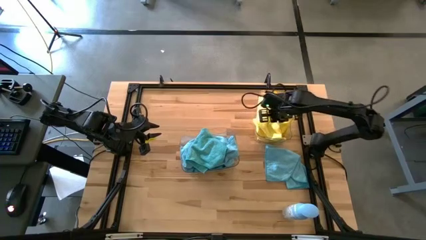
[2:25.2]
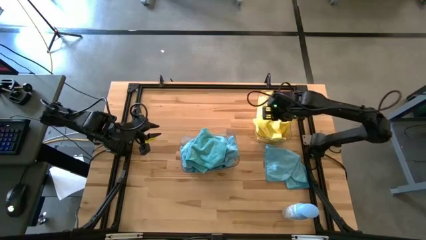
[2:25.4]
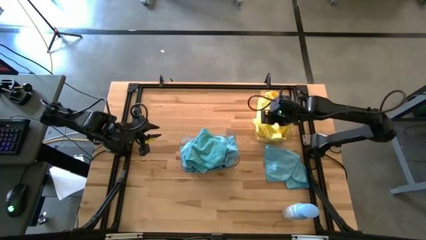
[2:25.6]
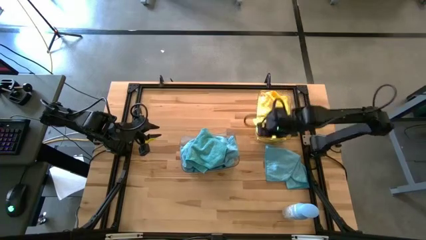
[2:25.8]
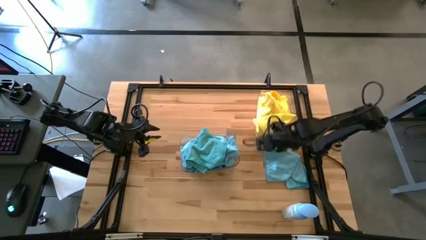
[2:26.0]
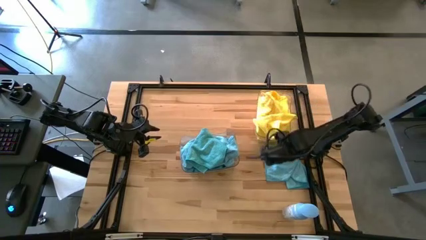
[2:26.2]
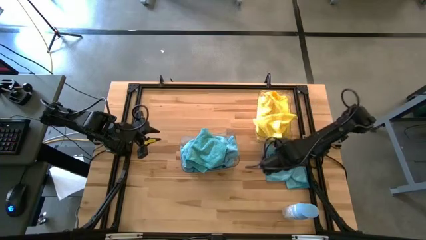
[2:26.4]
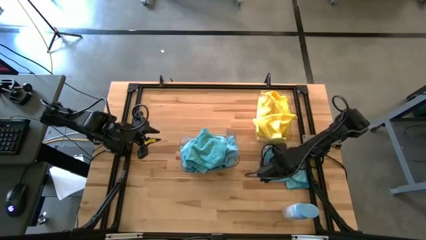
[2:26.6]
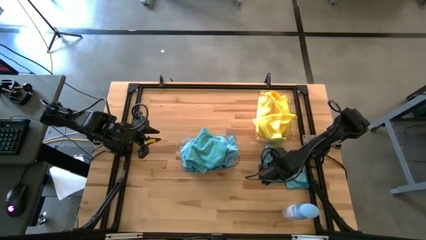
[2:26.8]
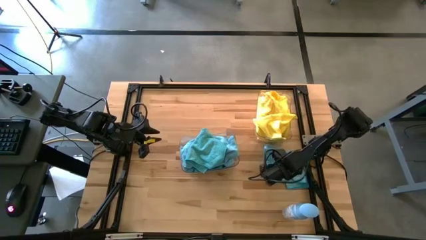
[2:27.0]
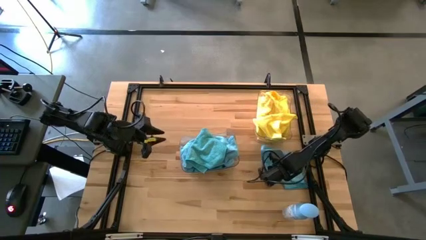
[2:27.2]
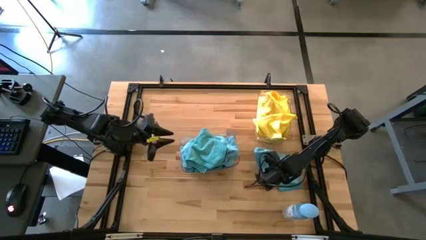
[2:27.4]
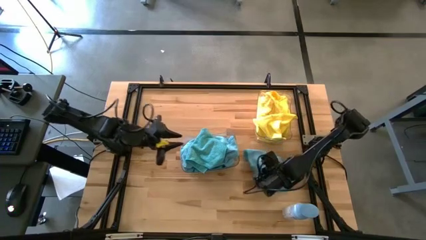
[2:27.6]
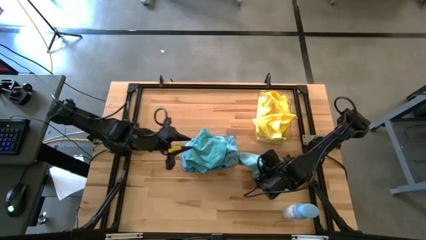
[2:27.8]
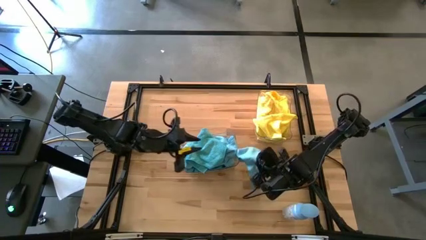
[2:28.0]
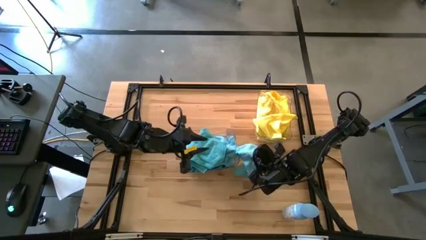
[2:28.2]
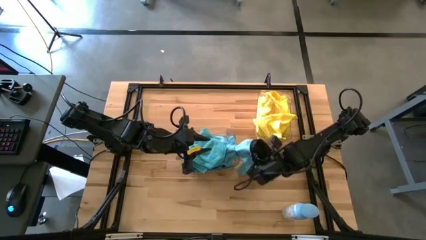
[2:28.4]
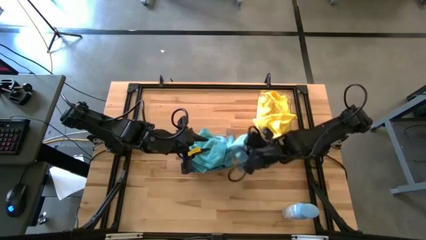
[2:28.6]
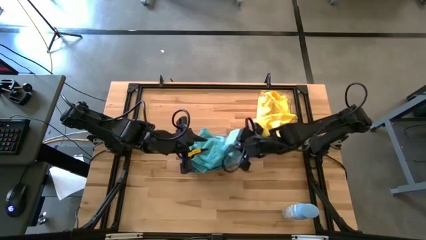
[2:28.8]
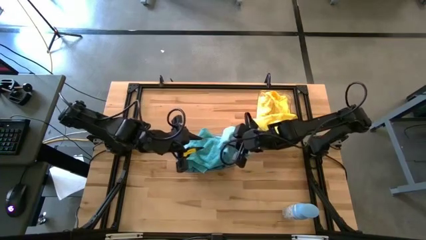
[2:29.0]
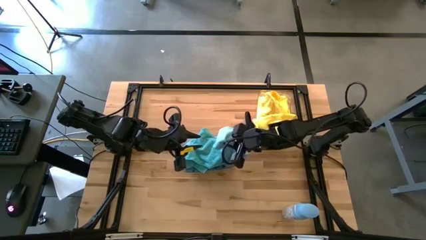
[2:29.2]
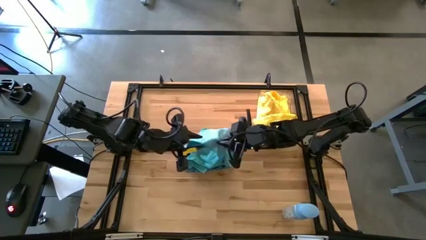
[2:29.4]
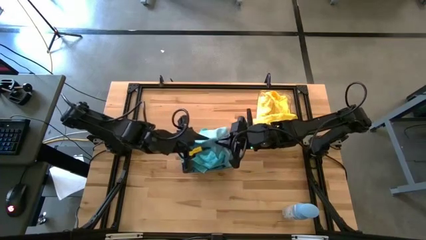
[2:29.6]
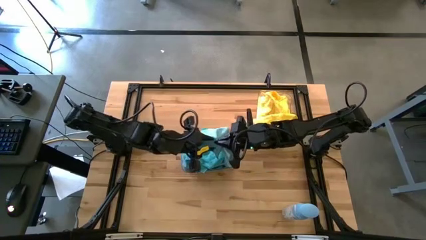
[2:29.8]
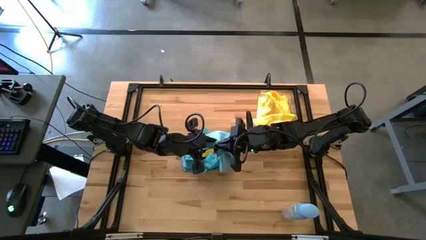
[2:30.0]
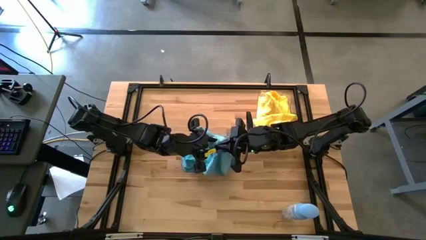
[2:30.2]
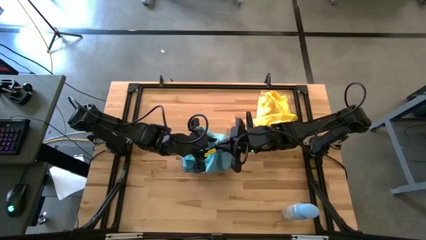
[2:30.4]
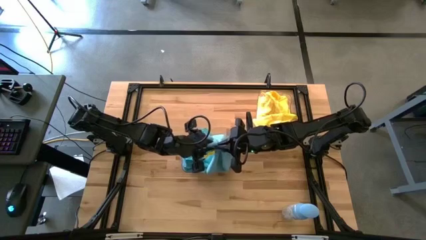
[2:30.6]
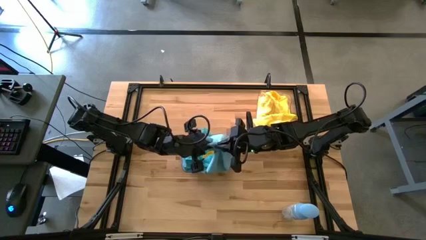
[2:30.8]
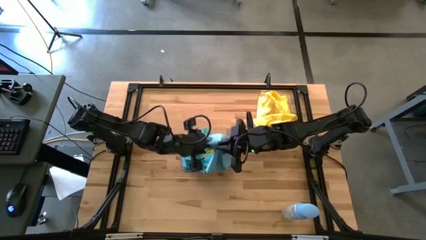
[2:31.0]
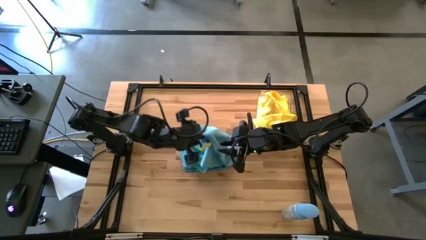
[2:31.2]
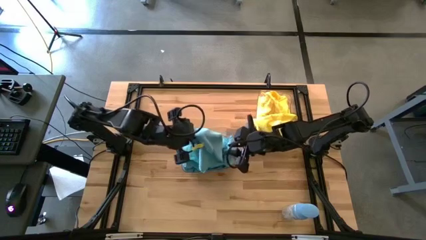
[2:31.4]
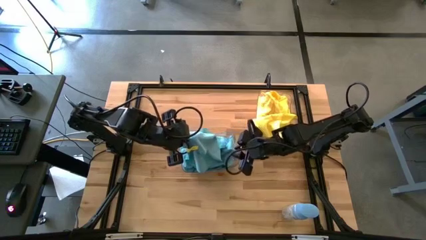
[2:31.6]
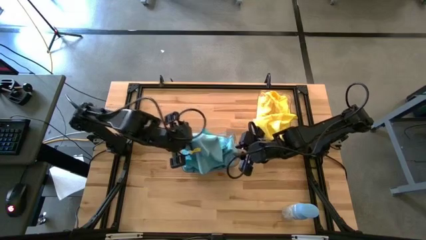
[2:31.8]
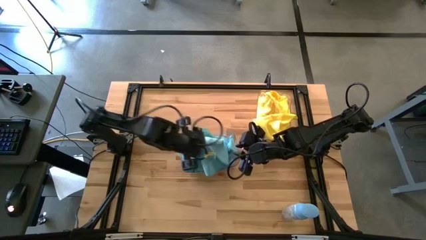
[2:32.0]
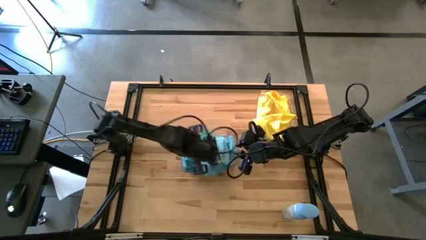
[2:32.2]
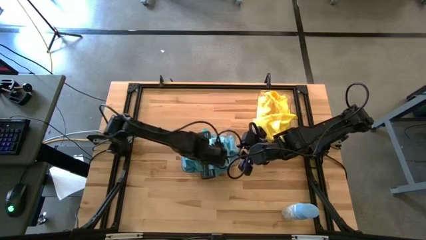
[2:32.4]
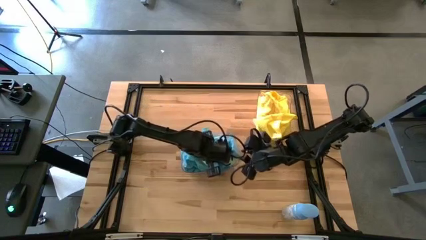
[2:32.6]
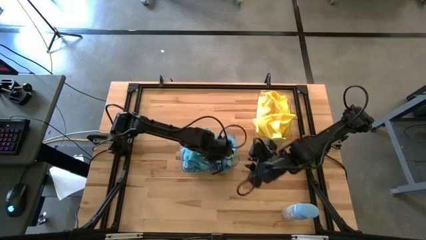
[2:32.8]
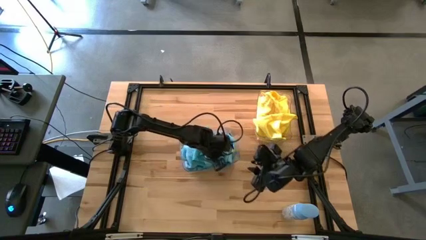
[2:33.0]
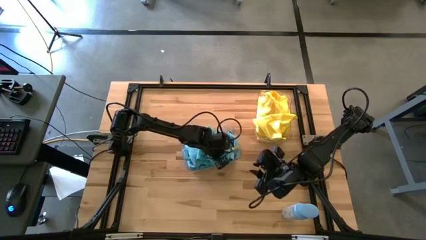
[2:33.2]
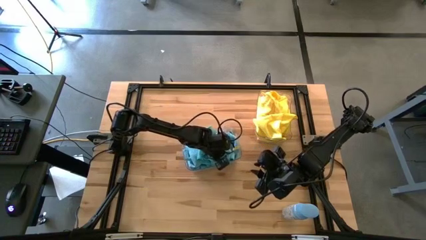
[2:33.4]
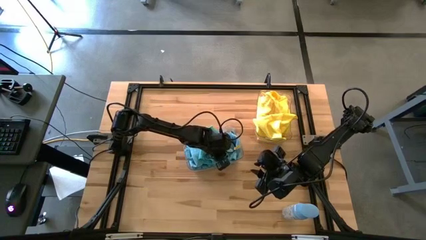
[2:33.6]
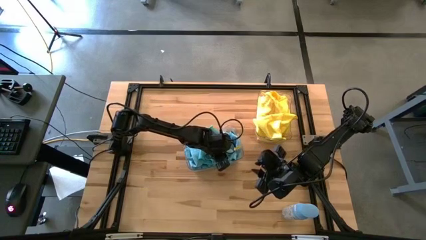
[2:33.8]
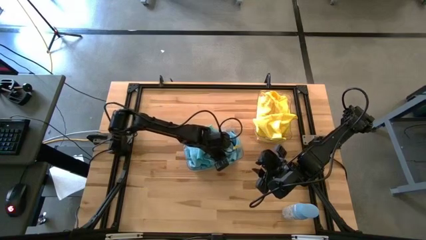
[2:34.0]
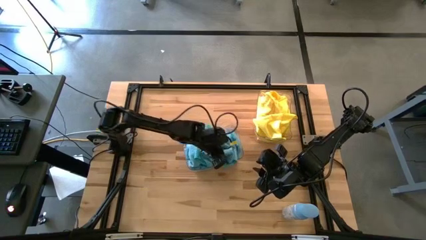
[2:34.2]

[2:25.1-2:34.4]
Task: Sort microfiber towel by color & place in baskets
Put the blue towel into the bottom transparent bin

Prompt: Give the complete material again, exactly as written. Do not include the pictures.

Exercise output:
[2:25.2]
[2:25.4]
[2:25.6]
[2:25.8]
[2:26.0]
[2:26.2]
[2:26.4]
[2:26.6]
[2:26.8]
[2:27.0]
[2:27.2]
[2:27.4]
[2:27.6]
[2:27.8]
[2:28.0]
[2:28.2]
[2:28.4]
[2:28.6]
[2:28.8]
[2:29.0]
[2:29.2]
[2:29.4]
[2:29.6]
[2:29.8]
[2:30.0]
[2:30.2]
[2:30.4]
[2:30.6]
[2:30.8]
[2:31.0]
[2:31.2]
[2:31.4]
[2:31.6]
[2:31.8]
[2:32.0]
[2:32.2]
[2:32.4]
[2:32.6]
[2:32.8]
[2:33.0]
[2:33.2]
[2:33.4]
[2:33.6]
[2:33.8]
[2:34.0]
[2:34.2]

[2:25.1-2:34.4]
Task: Sort microfiber towel by color & place in baskets
Put the blue towel into the bottom transparent bin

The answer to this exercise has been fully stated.